Aktivitasku di Kota Purwakarta adalah aktivitas sosial yang selalu aku nikmati dengan limpahan kasih saying dari saudaraku. Candaan dalam pelukan saying selalu mengikuti hari-hariku. Walau sesekali rasa perih menyelinap dalam ketidakberdayaanku menghadapi beberapa persoalan hidup tapi tentu saja tak akan membuatku berhenti menjalani hidup karena diluar lingkaran hidup socialku selalu ada sang maha penolong, sang maha Kasih sayang.

Kembali ke kota Bandung, dengan aktivitas rutin seorang penuntut ilmu. Mengejar perkuliahan jam 7 Pagi, melangkahkan kaki setengah berlari dalam harapan . Sungguh menjadi kehidupan yang kunikmati hal ini kujalani benar-benar karena kekuatan yang diberikan ALLAH SWT dan kekuatan Mama.

Hitungan satu minggu setelah liburan , aku bersama teman baik seperjuangan menuntut ilmu harus berjuang mengalahkan rasa malas menuju perpustakaan. Jam 11 siang aku harus kembali dengan buku-buku yang harus kubaca.

Bandung Panas kala itu, kami mampir ke jajaran Café di Jalan Gelap Nyawang. Temanku memesan 1 porsi menu Ayam dengan bumbu softdrink Amerika. Tiba-tiba aku mendengar lagu yang diperdengarkan oleh pengamen cilik di sudut sana. Gesekan biolanya tak mungkin aku lupakan Harry sang Violis dan Faris atau Aris si peumkul tifa sang adik benar-benar tengah beraksi.

Ketika dihadapanku Harry menunduk malu mengalunkan “KITARO” yang menakjubkan.

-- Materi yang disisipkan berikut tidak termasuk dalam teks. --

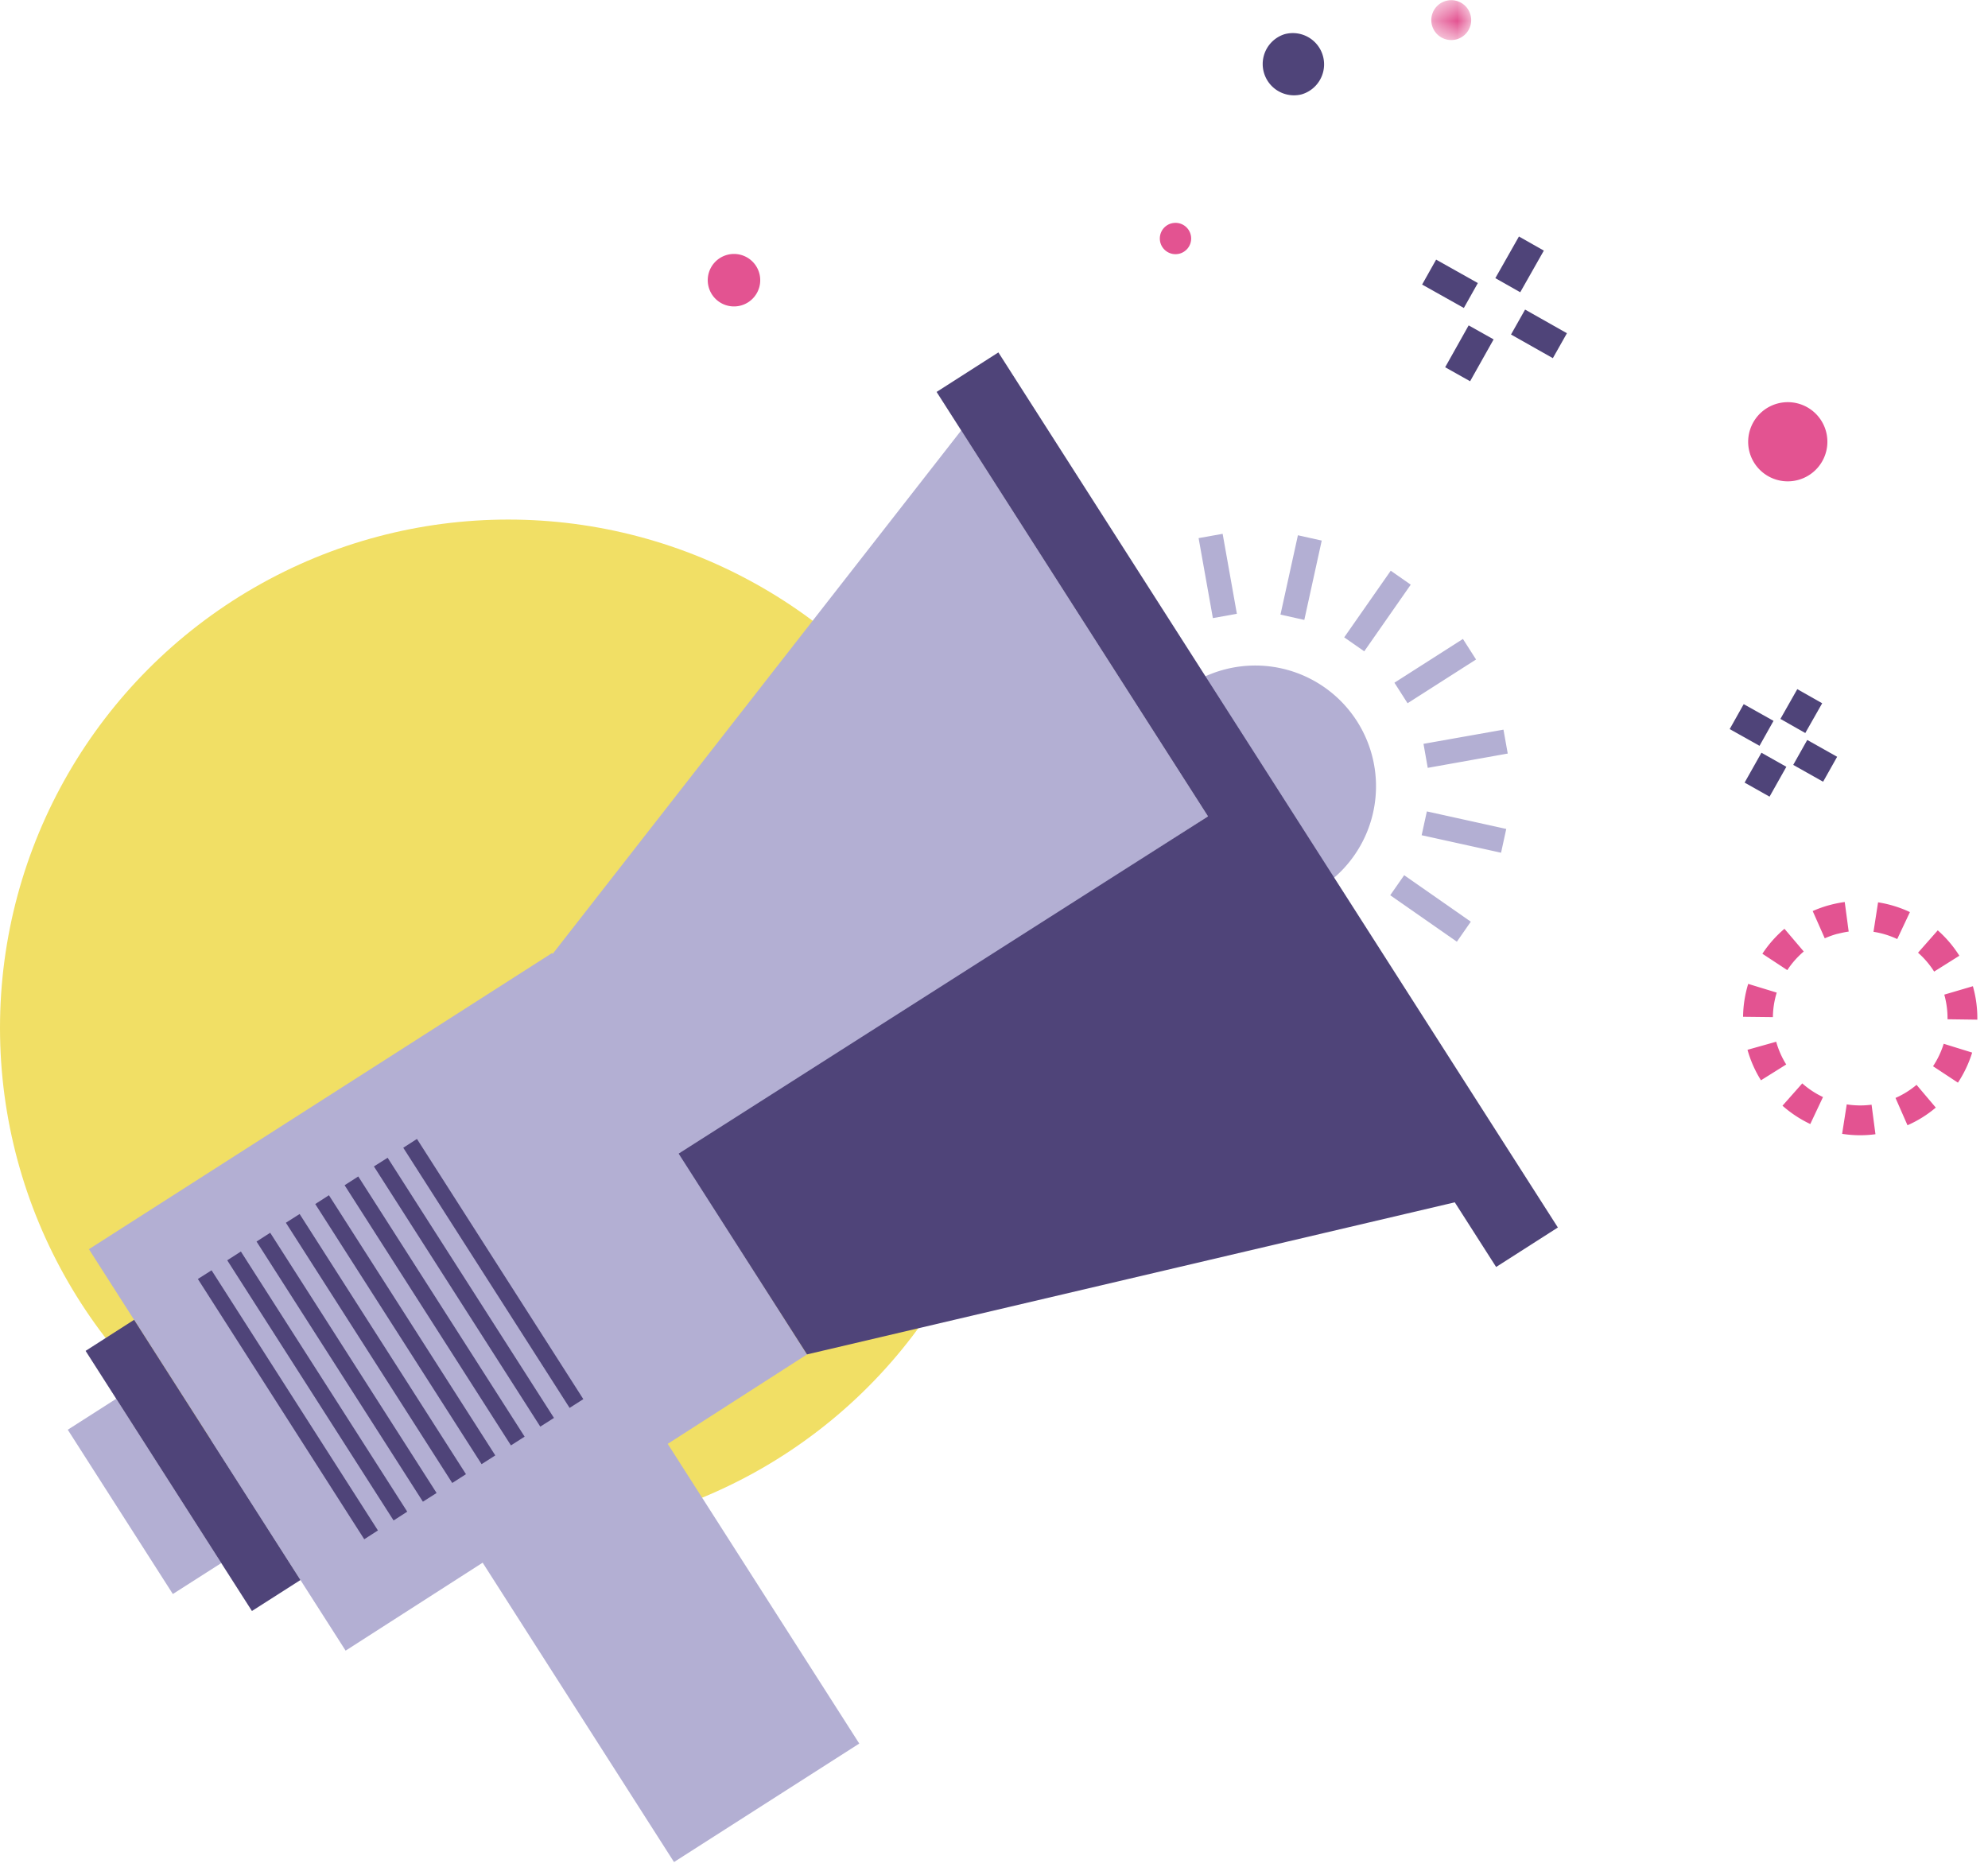 <svg width="88" height="83" viewBox="0 0 88 83" version="1.1" xmlns="http://www.w3.org/2000/svg" xmlns:xlink="http://www.w3.org/1999/xlink"><defs><path id="a" d="M.388.574h1.766v1.765H.388V.574z"/></defs><g transform="translate(0 -1)" stroke="none" stroke-width="1" fill="none" fill-rule="evenodd"><circle fill="#F1DF65" cx="22.5" cy="46.5" r="22.5"/><path fill="#B3AFD3" d="M24.462 43.228l-.024-.039-20.502 13.11L15.299 74.07l6.066-3.894 8.47 13.251h.002l8.199-5.244-8.479-13.267 6.166-3.959-5.6-8.816 23.351-15.003L42.55 20.051zM3 64.291l4.651 7.272 2.146-1.371-4.651-7.273zM52.686 31.303l5.758 9.007a5.344 5.344 0 1 0-5.758-9.007M62.307 32.131l3.031-1.937-.581-.909-3.032 1.937zM63.2 34.991l3.541-.633-.189-1.058-3.54.628zM62.93 37.973l3.515.775.23-1.053-3.514-.776zM61.539 40.63l2.95 2.057.617-.886-2.949-2.058zM62.447 26.882l-.885-.618-2.06 2.95.887.618zM58.507 24.93l-1.054-.235-.772 3.512 1.055.235zM54.751 28.171l-.63-3.54-1.064.19.632 3.541z"/><path fill="#4F4479" d="M8.759 57.618l7.365 11.521.605-.39-7.364-11.516zM10.059 56.79l7.363 11.517.605-.389-7.364-11.516zM11.356 55.96l7.364 11.516.606-.385-7.365-11.52zM12.655 55.128l7.364 11.52.607-.39-7.363-11.517zM13.955 54.3l7.363 11.515.606-.388L14.56 53.91zM15.254 53.467l7.363 11.517.606-.387-7.364-11.518zM16.552 52.635l7.364 11.518.606-.385-7.363-11.517zM17.851 51.808l7.363 11.516.607-.388-7.364-11.518zM41.459 18.35l12.014 18.788-23.432 14.93 5.682 8.888 28.674-6.732 1.83 2.862 2.733-1.748L44.194 16.6zM3.789 60.8l7.363 11.515 2.148-1.372-7.364-11.518zM57.6 5.182a1.383 1.383 0 1 0-.745-2.666 1.385 1.385 0 0 0 .744 2.666M79.999 33.756l-.621 1.104 1.323.745.621-1.104zM78.506 32.911l-1.32-.74-.62 1.104 1.32.74zM80.66 32.132l-1.102-.625-.747 1.317 1.101.625zM77.226 35.644l1.104.622.744-1.322-1.103-.622zM66.886 15.808l1.852 1.047.623-1.104-1.852-1.047zM65.418 13.53l-1.847-1.037-.62 1.104 1.847 1.036zM68.339 12.094l-1.102-.625-1.045 1.844 1.102.624zM63.971 17.257l1.104.62 1.041-1.853-1.105-.62z"/><g transform="translate(63 .426)"><mask id="b" fill="#fff"><use xlink:href="#a"/></mask><path d="M1.034.606a.883.883 0 1 0 .474 1.7.883.883 0 0 0-.474-1.7" fill="#E35391" mask="url(#b)"/></g><path d="M32.177 12.285a1.161 1.161 0 1 0 .627 2.237 1.161 1.161 0 0 0-.627-2.237M79.607 22.243a1.752 1.752 0 1 0-.942-3.375 1.756 1.756 0 0 0-1.217 2.162 1.753 1.753 0 0 0 2.16 1.213M51.847 10.89a.693.693 0 1 0 .374 1.336.693.693 0 0 0-.373-1.335M78.013 43.22l1.103.725c.203-.31.448-.586.728-.825l-.854-1.005a5.175 5.175 0 0 0-.977 1.105M86.732 43.308a5.138 5.138 0 0 0-.956-1.124l-.873.99c.277.243.517.525.713.836l1.116-.702zM86.208 46.12l1.32.018a5.182 5.182 0 0 0-.192-1.463l-.005-.018-1.266.373c.1.358.148.724.143 1.09M84.544 41.376a5.182 5.182 0 0 0-1.41-.432l-.203 1.305a3.84 3.84 0 0 1 1.051.321l.562-1.194zM78.647 44.94l-1.262-.386a5.193 5.193 0 0 0-.227 1.457l1.32.015c.004-.367.061-.732.17-1.086M83.906 49.604l.53 1.208a5.11 5.11 0 0 0 1.253-.782l-.852-1.007a3.837 3.837 0 0 1-.931.58M78.624 47.115l-1.27.357c.134.478.334.931.596 1.35l1.118-.7a3.889 3.889 0 0 1-.444-1.007M81.747 49.888l-.204 1.304c.49.077.985.083 1.475.017l-.172-1.307a3.818 3.818 0 0 1-1.099-.014M85.567 48.2l1.102.727a5.24 5.24 0 0 0 .63-1.332l-1.26-.39a3.894 3.894 0 0 1-.472.995M81.658 40.93a5.201 5.201 0 0 0-.708.146h-.004a5.295 5.295 0 0 0-.706.254l.534 1.207c.17-.075.347-.14.527-.19.162-.037.354-.085.532-.108l-.175-1.31zM78.903 49.947c.37.327.784.6 1.23.811l.563-1.194a3.893 3.893 0 0 1-.918-.605l-.875.988z" fill="#E35391"/></g></svg>

Teman baikku seorang yang sangat apresiatif terhadap seni karena latar belakang seni panggung dan teater yang menjadi bagian dari jiwanya. Terkesima oleh keahlian Harry.
Harry ternyata masih eksis di Jalan Taman sari, Jalan Gelap Nyawang, Jalan Sulanjana dan sekitarnya. Ketika Sekolah libur, Harry tidak lantas bermanja-manja dalam kegembiraan. Tapi Harry bekerja keras dalam kesukaan dan kesedihannya.
Banyak hal yang bisa aku jadikan pembelajaran dari banyak cinta Mama yagn begitu luas dan sedikit dari Harry sang Violist sehingga benar-benar membuat hidup ku harus selalu bergerak maju kea rah yang lebih baik.

Sedikit aku kutip sebuah doa dari teman
Untuk sebuah hati yang tak pernah letih dari do’a. Untuk sebuah jiwa yang tak pernah lepas dari sujud-Nya. Kumohon hanya pada-Mu ya ALLAH, Lindungi, sayangi bimbing dan cintai saudara-saudaraku. Amin

Terimakasih ku untuk semua yang telah memberikan warna dalam hidupku.